The task » Return the full listing word for word, but drop every picture from it.

Records for processing »

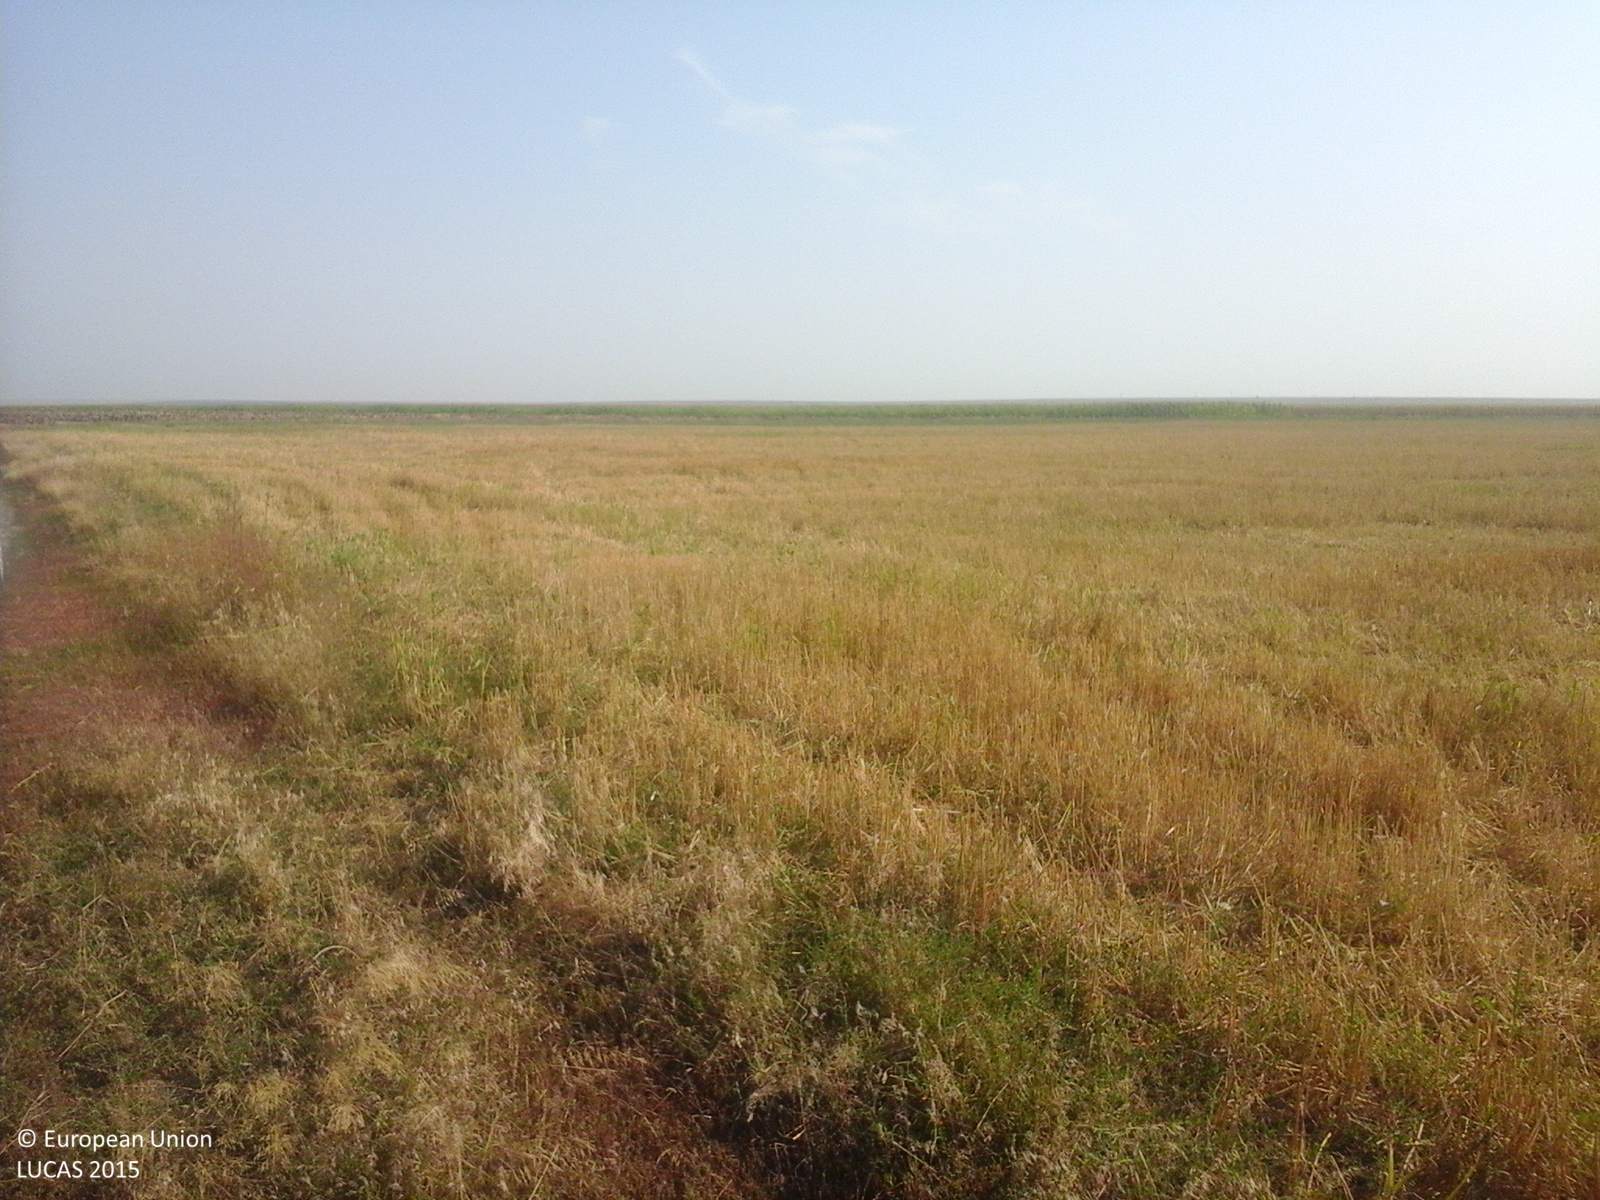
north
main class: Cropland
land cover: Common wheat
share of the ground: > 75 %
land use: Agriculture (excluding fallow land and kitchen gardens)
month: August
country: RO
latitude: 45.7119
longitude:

Exercise output »
north
main class: Cropland
land cover: Common wheat
share of the ground: > 75 %
land use: Agriculture (excluding fallow land and kitchen gardens)
month: August
country: RO
latitude: 45.7119
longitude:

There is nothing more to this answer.